Collected data entries
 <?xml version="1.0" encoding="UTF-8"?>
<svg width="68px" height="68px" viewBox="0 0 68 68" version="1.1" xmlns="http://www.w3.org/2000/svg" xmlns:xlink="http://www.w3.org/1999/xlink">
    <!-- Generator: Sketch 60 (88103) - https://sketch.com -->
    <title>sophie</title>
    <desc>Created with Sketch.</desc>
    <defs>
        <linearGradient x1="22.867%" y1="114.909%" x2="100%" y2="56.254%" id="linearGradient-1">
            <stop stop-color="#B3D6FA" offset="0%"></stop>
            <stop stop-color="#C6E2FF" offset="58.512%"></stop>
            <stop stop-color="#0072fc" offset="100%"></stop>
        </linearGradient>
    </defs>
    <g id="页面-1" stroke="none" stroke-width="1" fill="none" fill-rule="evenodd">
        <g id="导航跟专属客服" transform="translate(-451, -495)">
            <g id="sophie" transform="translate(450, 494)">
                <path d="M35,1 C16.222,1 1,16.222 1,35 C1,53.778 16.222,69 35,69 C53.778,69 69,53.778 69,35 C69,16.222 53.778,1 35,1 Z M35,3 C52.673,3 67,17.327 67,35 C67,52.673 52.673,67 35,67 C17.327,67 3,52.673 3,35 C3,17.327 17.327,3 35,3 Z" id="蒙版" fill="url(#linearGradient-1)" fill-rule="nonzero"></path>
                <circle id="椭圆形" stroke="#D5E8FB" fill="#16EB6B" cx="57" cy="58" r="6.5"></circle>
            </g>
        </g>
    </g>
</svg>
---
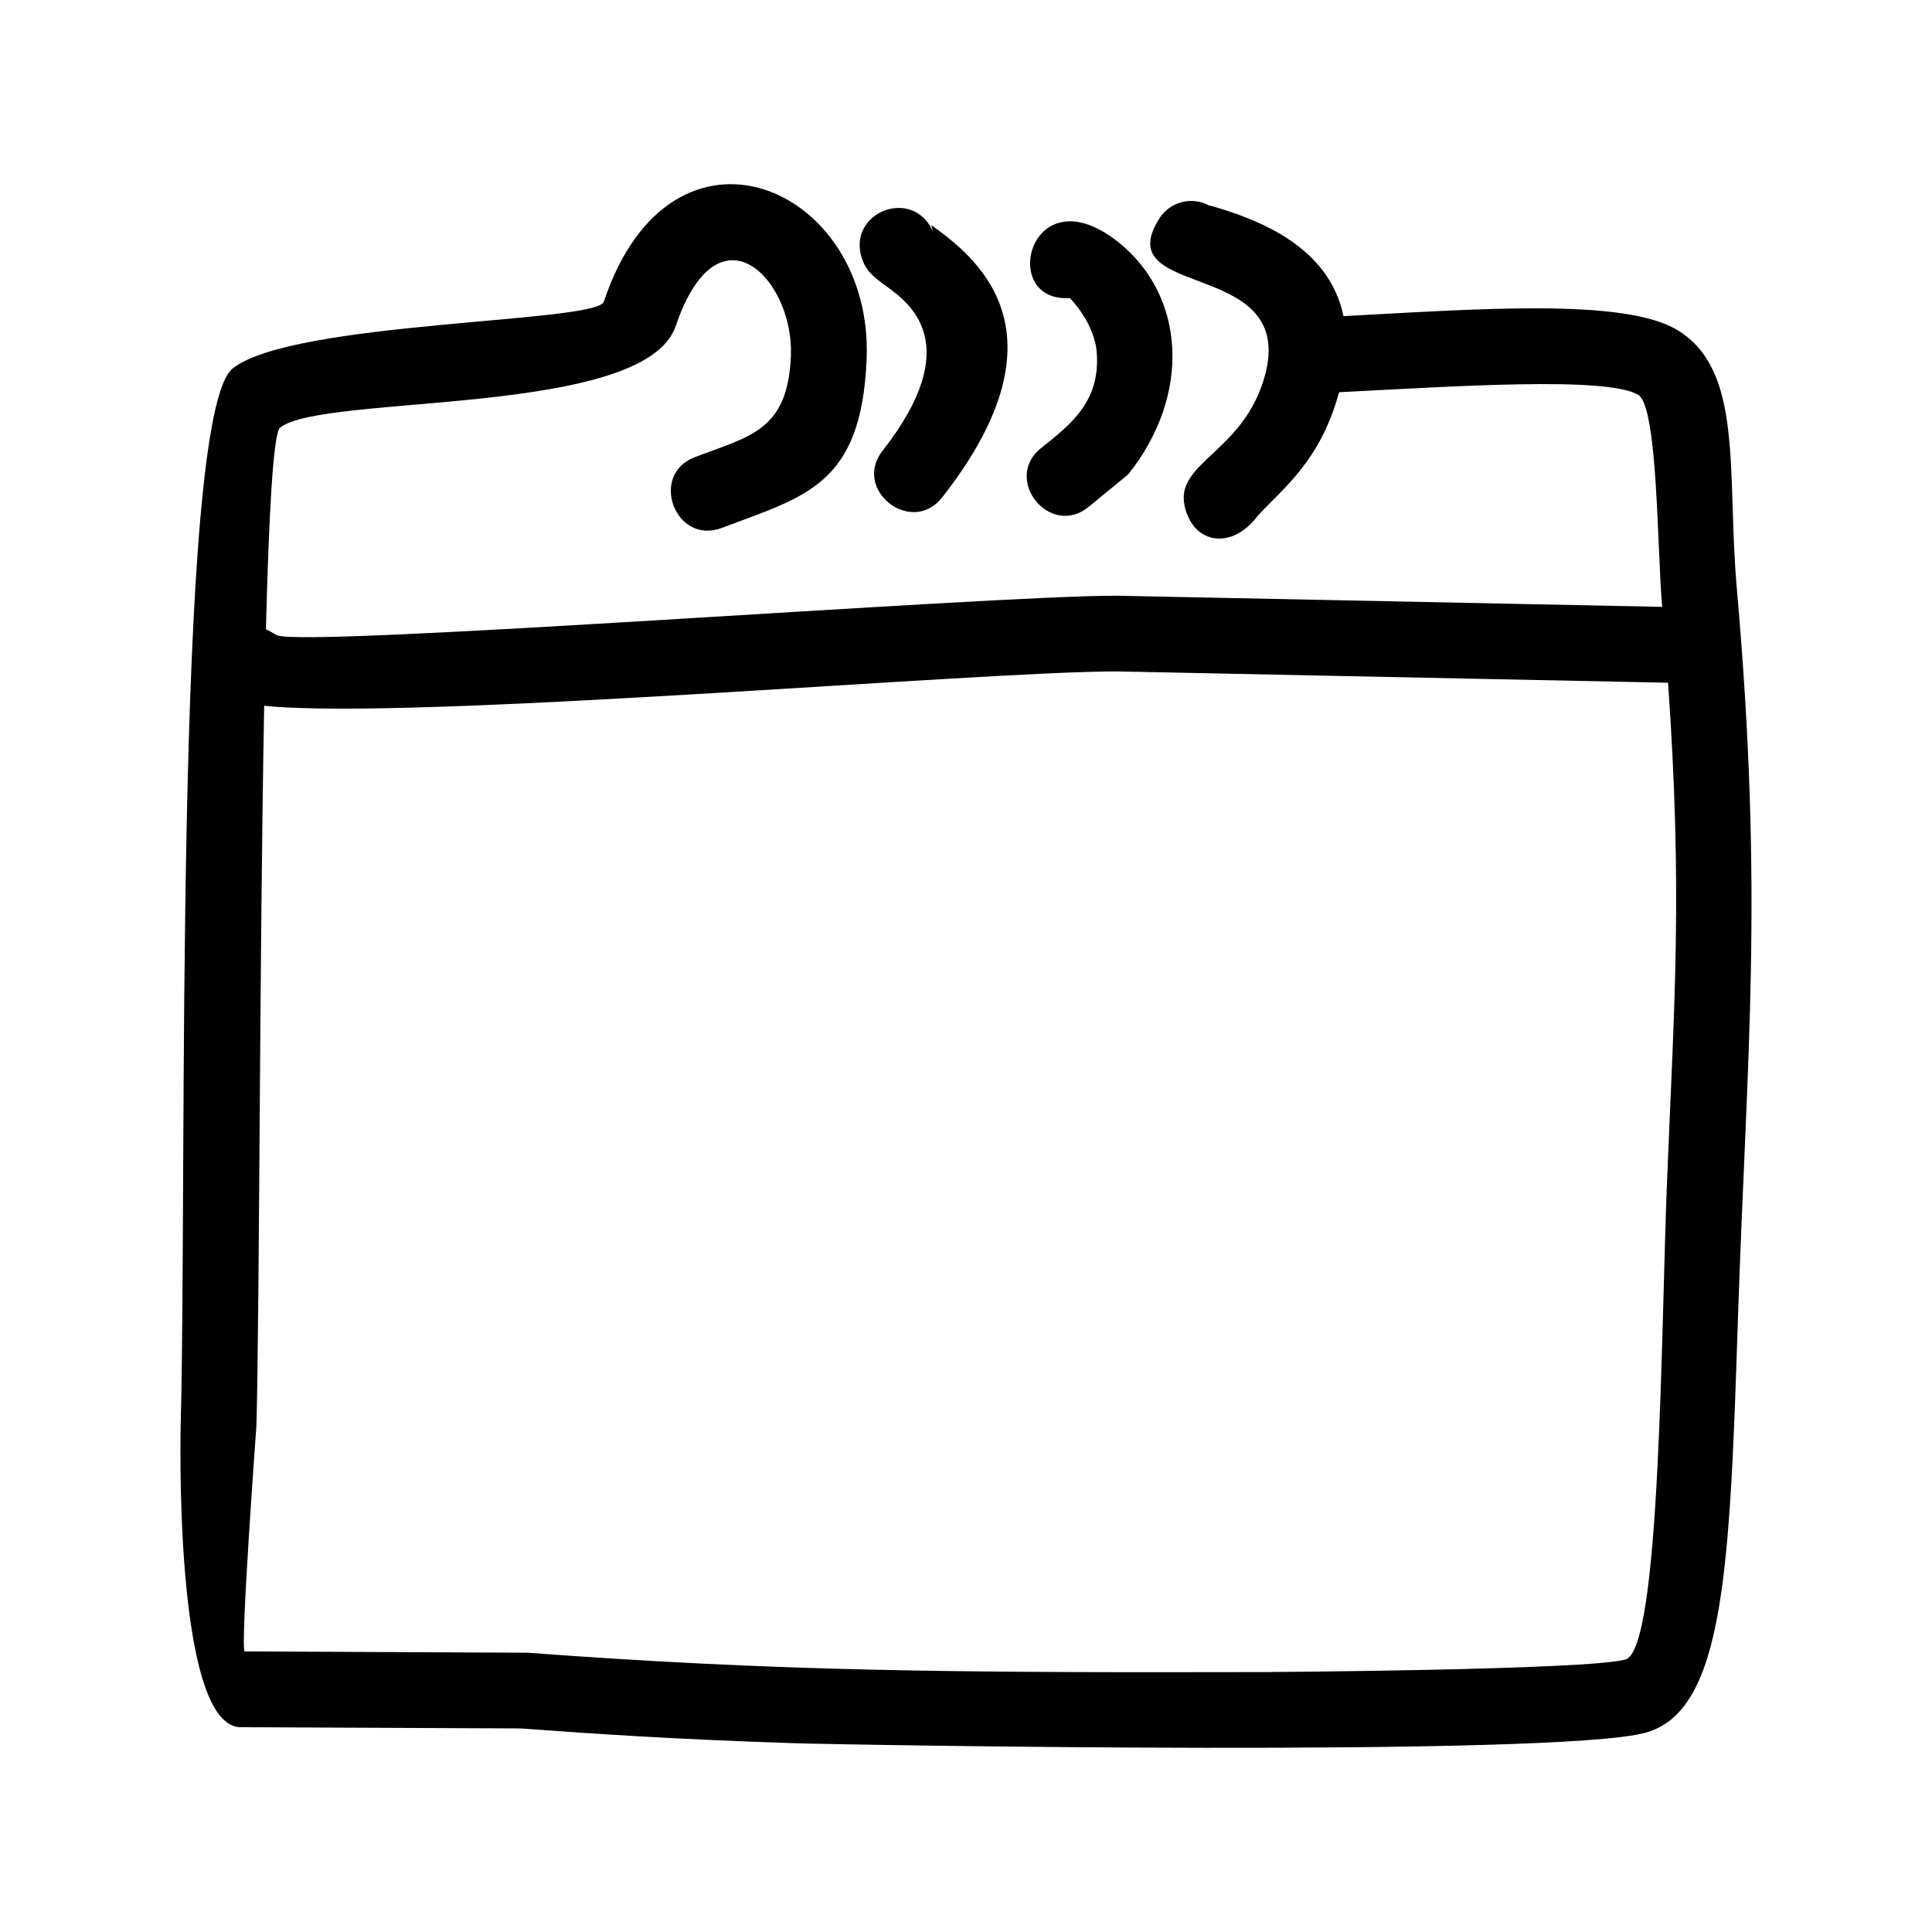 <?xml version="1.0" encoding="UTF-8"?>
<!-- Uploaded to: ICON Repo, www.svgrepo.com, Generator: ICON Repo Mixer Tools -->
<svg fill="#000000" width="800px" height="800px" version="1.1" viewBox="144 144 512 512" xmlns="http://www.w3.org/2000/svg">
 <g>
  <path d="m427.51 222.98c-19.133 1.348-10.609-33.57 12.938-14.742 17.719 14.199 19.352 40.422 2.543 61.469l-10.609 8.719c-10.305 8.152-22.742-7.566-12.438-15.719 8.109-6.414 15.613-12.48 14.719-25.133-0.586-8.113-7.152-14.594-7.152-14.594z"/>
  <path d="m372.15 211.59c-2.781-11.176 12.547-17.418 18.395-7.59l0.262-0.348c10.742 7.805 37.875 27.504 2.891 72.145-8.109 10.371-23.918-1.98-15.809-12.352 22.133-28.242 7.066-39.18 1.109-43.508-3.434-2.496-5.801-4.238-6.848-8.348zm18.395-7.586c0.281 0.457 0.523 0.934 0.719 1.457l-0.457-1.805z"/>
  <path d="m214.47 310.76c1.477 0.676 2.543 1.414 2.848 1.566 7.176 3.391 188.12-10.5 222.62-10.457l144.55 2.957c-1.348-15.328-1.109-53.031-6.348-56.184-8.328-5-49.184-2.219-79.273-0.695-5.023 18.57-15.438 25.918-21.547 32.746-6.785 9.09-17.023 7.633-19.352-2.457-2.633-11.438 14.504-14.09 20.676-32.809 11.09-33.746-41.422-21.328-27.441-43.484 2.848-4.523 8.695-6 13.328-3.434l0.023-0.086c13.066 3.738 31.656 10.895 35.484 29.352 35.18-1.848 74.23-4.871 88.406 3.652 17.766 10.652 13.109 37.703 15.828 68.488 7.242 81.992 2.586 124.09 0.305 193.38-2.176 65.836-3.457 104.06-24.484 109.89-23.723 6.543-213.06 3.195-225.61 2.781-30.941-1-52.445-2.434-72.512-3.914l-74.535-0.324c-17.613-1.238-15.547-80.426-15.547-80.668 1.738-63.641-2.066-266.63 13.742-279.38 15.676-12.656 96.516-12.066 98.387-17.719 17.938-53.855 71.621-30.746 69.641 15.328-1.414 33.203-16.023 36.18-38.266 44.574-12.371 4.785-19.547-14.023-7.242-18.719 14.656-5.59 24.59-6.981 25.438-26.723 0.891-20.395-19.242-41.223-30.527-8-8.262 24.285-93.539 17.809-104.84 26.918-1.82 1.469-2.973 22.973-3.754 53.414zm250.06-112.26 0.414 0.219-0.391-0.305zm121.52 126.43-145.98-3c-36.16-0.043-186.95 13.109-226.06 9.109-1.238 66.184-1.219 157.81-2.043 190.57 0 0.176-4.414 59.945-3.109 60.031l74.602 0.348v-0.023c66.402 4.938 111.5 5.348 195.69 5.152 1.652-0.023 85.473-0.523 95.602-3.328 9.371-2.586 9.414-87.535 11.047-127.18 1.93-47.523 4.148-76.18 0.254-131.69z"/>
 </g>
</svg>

* [Task objective] Please state how many lines in the entries above include the string "height", and write only that number.

* [Completed exercise] 2